▸ **To do**
Output exactly, in the material below, the lines from the one with "Orientation: axial" through the one with "An aerial image. It shows: Pier". Omit all pictures.

▸ **Data for the task**
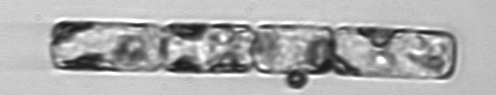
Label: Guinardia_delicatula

==

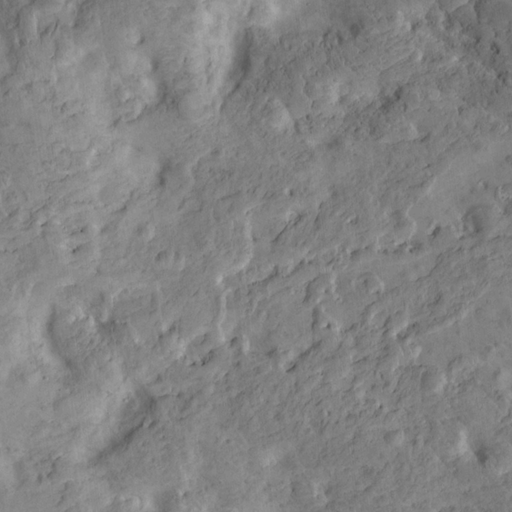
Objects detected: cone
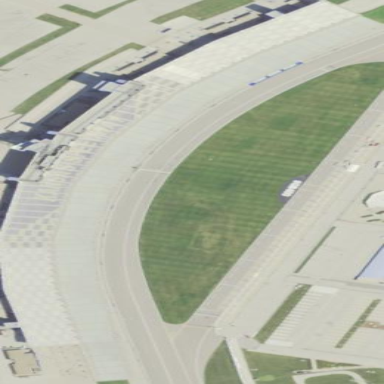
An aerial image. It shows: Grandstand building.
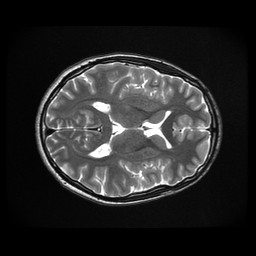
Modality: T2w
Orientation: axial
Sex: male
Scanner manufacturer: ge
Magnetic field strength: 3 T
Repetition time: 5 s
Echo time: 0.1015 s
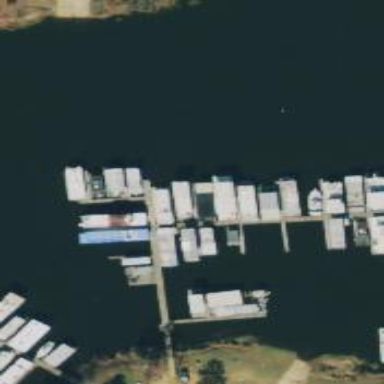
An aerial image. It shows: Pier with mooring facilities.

▸ **Solution to the problem**
Orientation: axial
Sex: male
Scanner manufacturer: ge
Magnetic field strength: 3 T
Repetition time: 5 s
Echo time: 0.1015 s
An aerial image. It shows: Pier with mooring facilities.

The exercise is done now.